STUDY MATERIAL.
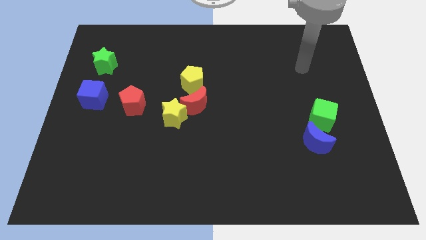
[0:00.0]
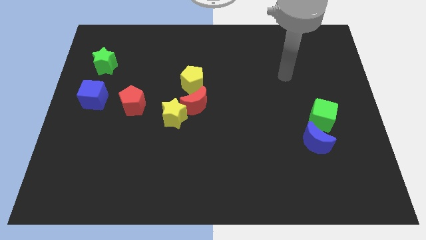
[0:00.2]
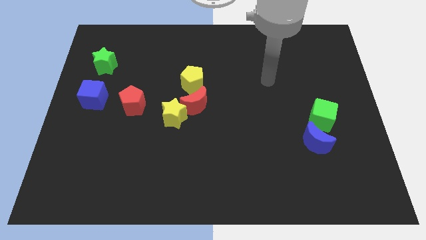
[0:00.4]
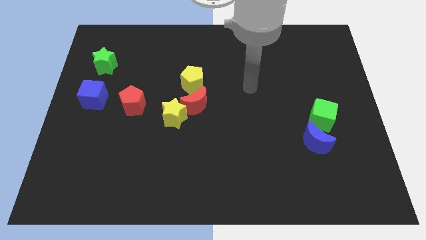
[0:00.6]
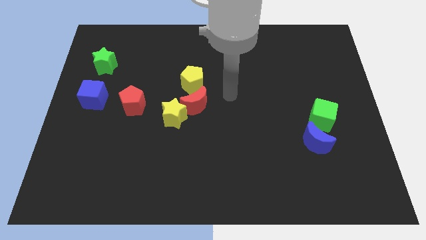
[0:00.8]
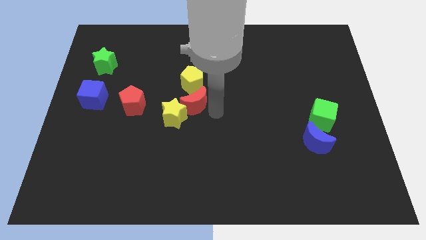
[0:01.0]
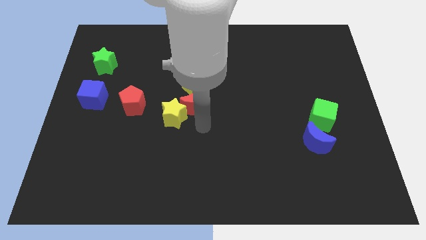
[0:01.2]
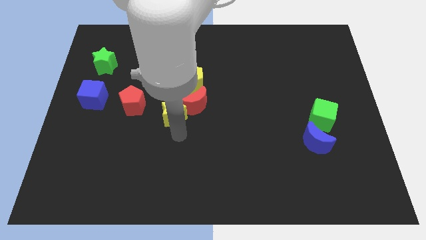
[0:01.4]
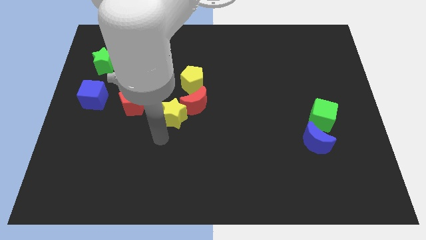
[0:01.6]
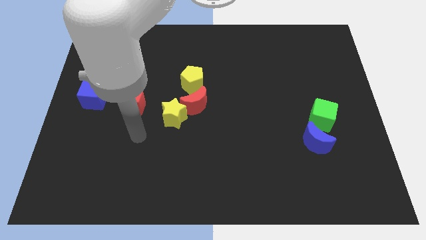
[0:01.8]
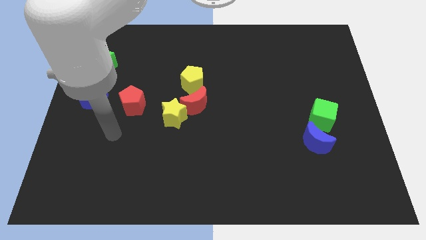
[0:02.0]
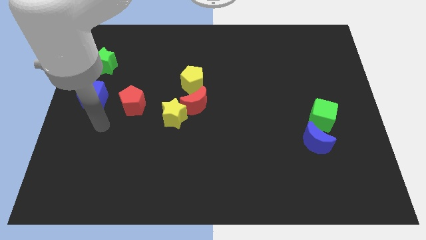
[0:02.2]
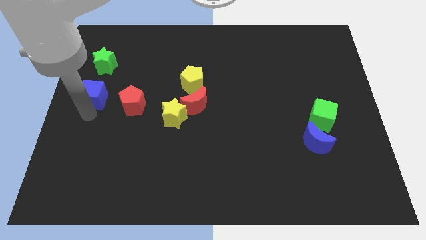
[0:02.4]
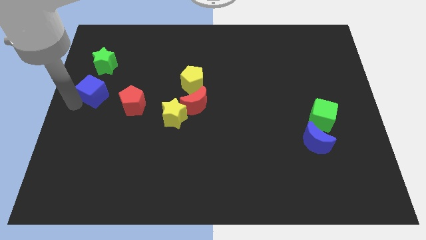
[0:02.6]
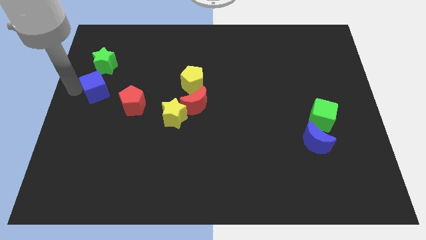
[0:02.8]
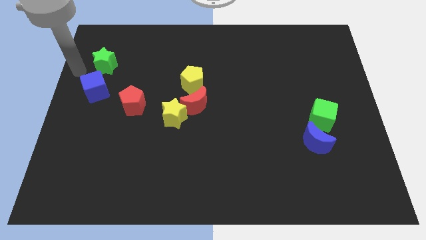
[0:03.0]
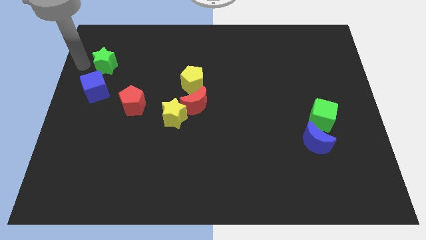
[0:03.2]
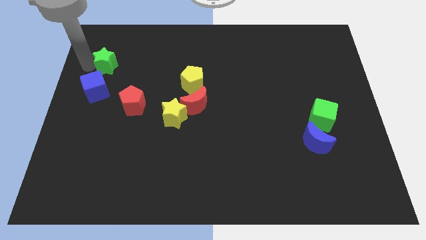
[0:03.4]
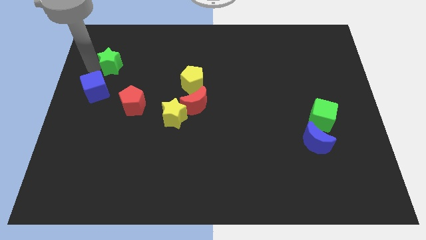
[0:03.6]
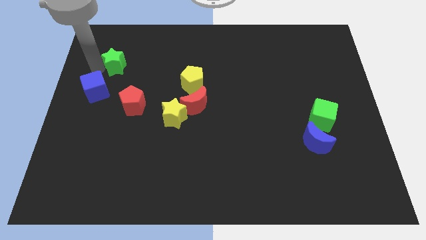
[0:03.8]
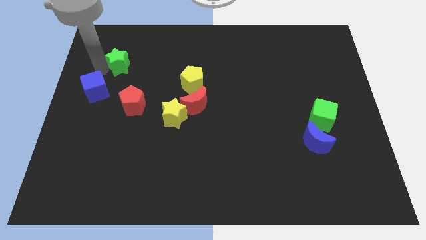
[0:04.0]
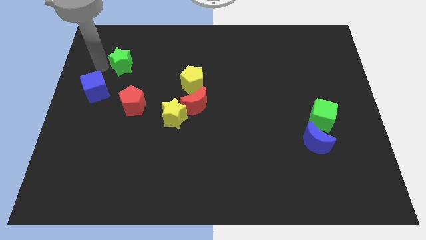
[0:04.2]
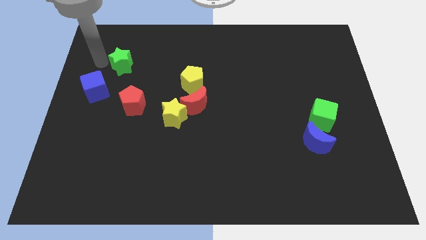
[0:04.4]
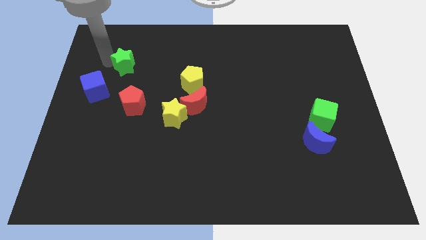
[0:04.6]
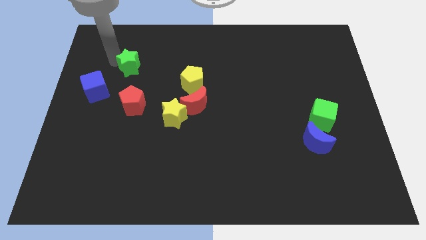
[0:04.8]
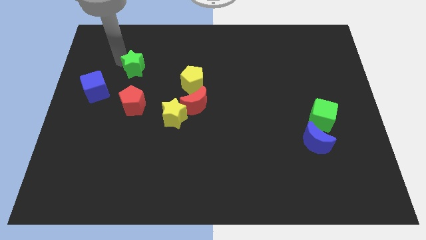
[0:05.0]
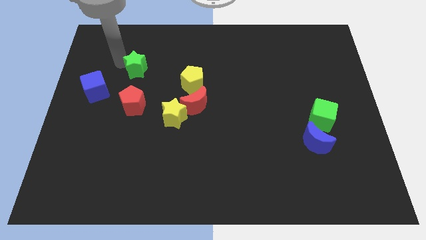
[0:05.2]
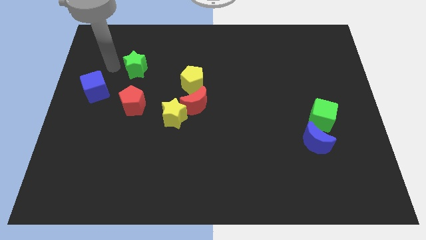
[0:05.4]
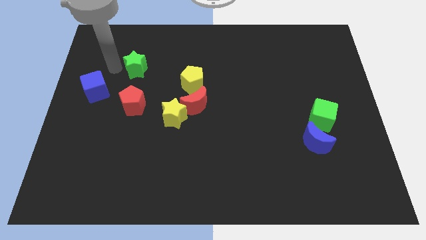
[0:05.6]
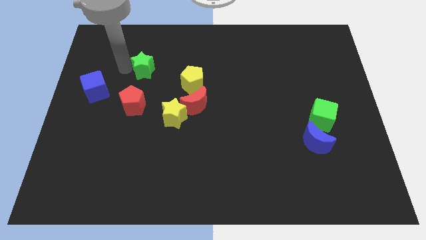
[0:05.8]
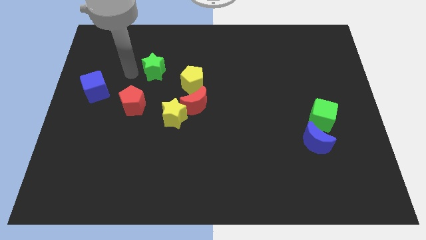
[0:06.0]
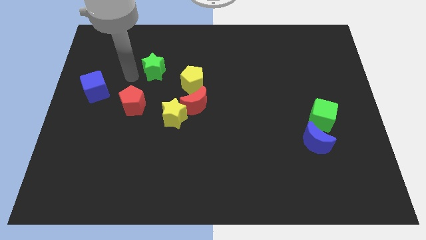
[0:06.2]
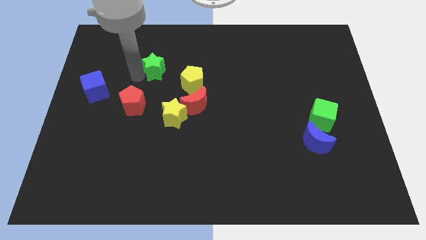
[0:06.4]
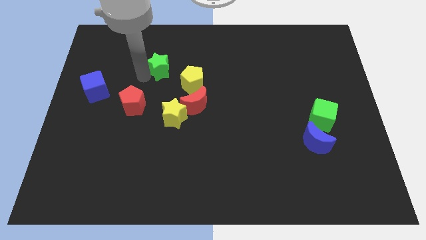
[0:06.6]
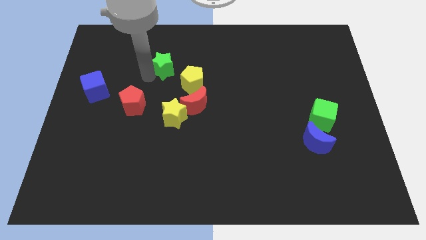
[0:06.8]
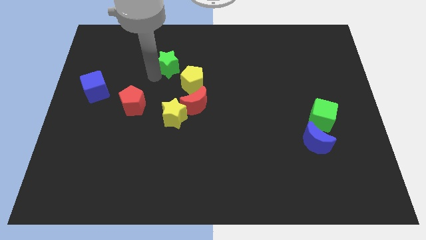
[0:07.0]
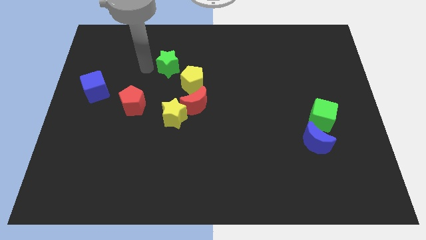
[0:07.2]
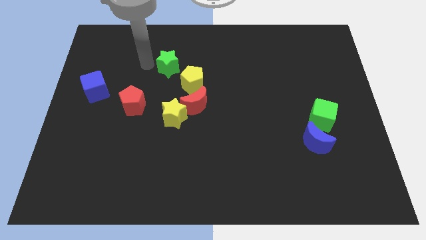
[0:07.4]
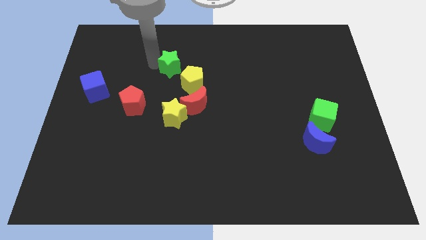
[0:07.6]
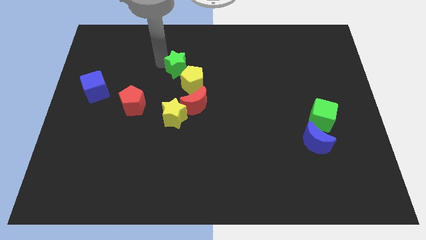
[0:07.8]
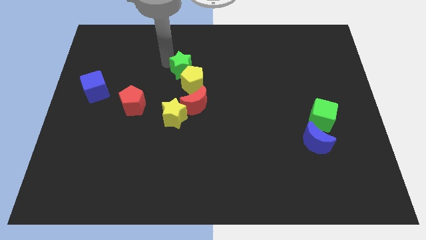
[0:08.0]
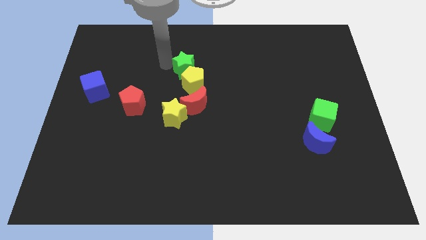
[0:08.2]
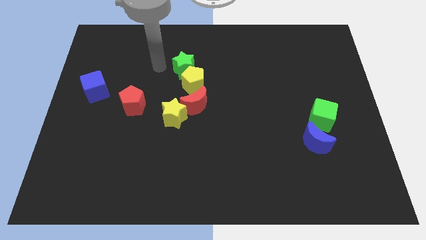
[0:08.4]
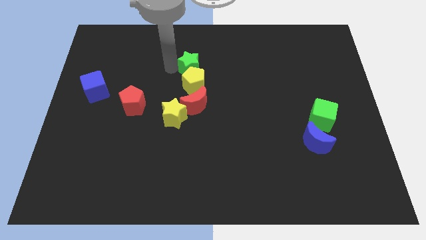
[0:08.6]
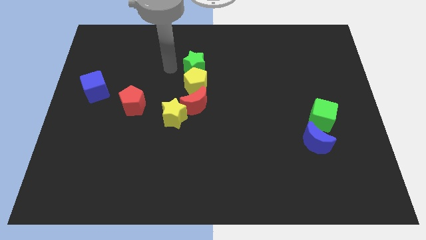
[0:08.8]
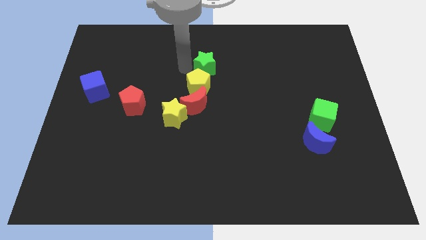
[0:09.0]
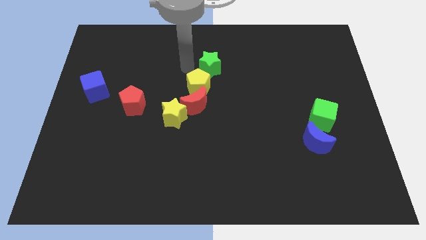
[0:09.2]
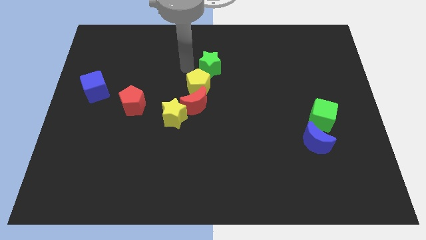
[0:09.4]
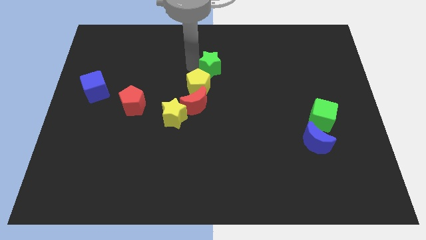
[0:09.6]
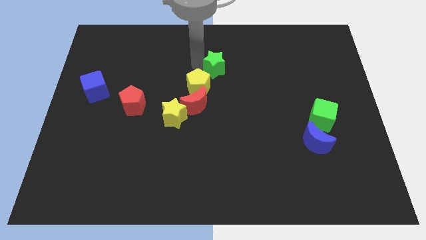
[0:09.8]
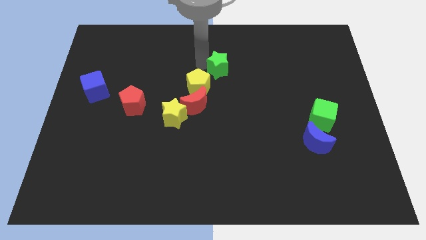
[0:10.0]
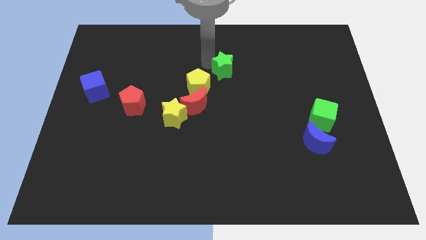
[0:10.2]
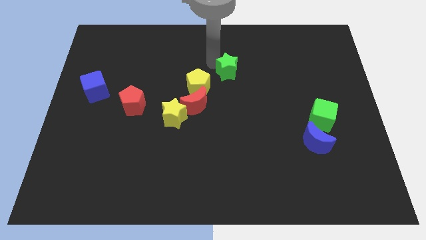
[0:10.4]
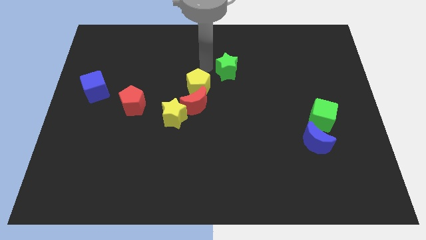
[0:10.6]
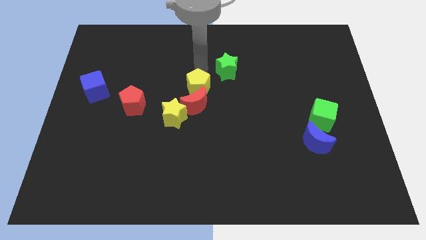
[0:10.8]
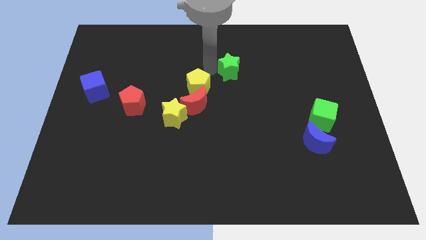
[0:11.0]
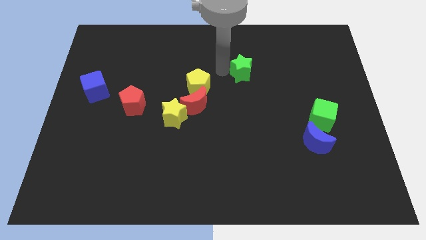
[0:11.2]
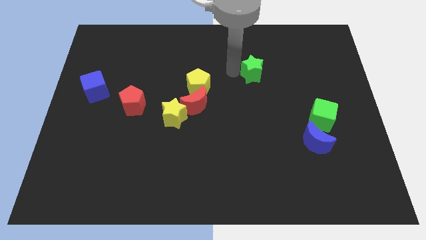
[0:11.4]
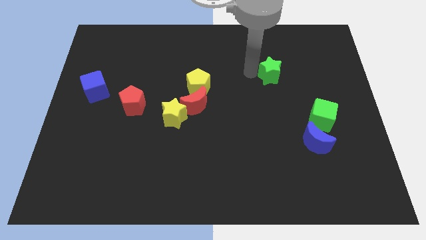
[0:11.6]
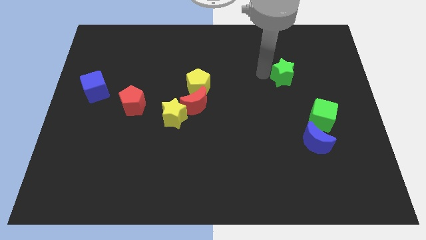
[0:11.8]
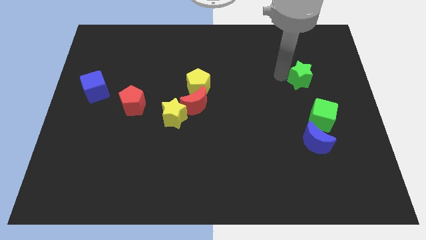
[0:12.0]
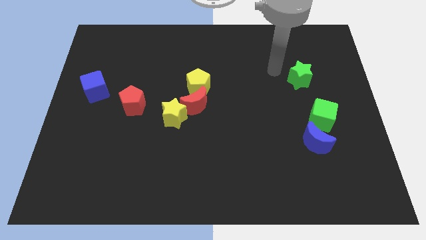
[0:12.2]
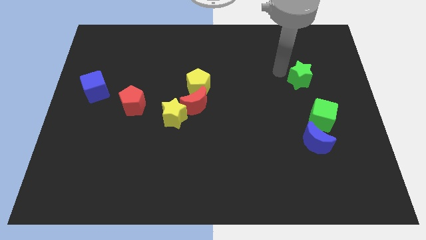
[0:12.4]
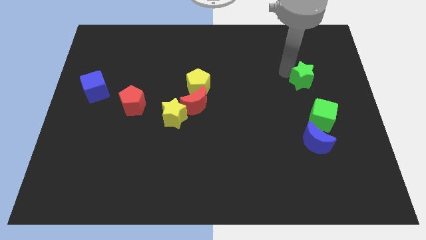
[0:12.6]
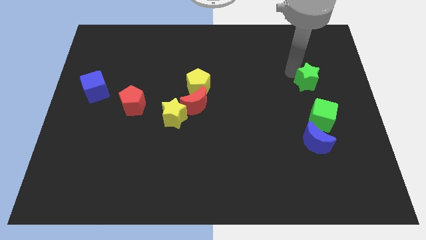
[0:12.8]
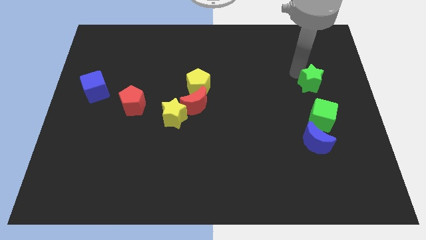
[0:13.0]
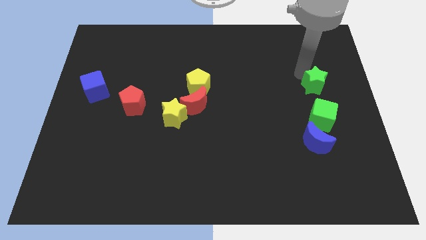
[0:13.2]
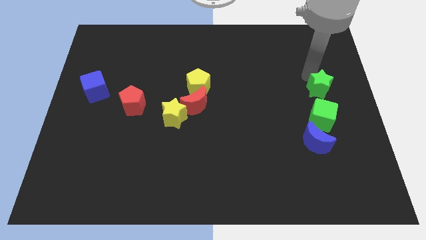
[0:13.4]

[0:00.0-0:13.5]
put the green star to the center right

TASK OBJECTIVE.
Produce a verbatim copy of all records, minus pictures.

PROBLEM SOLUTION.
[0:00.0]
[0:00.2]
[0:00.4]
[0:00.6]
[0:00.8]
[0:01.0]
[0:01.2]
[0:01.4]
[0:01.6]
[0:01.8]
[0:02.0]
[0:02.2]
[0:02.4]
[0:02.6]
[0:02.8]
[0:03.0]
[0:03.2]
[0:03.4]
[0:03.6]
[0:03.8]
[0:04.0]
[0:04.2]
[0:04.4]
[0:04.6]
[0:04.8]
[0:05.0]
[0:05.2]
[0:05.4]
[0:05.6]
[0:05.8]
[0:06.0]
[0:06.2]
[0:06.4]
[0:06.6]
[0:06.8]
[0:07.0]
[0:07.2]
[0:07.4]
[0:07.6]
[0:07.8]
[0:08.0]
[0:08.2]
[0:08.4]
[0:08.6]
[0:08.8]
[0:09.0]
[0:09.2]
[0:09.4]
[0:09.6]
[0:09.8]
[0:10.0]
[0:10.2]
[0:10.4]
[0:10.6]
[0:10.8]
[0:11.0]
[0:11.2]
[0:11.4]
[0:11.6]
[0:11.8]
[0:12.0]
[0:12.2]
[0:12.4]
[0:12.6]
[0:12.8]
[0:13.0]
[0:13.2]
[0:13.4]

[0:00.0-0:13.5]
put the green star to the center right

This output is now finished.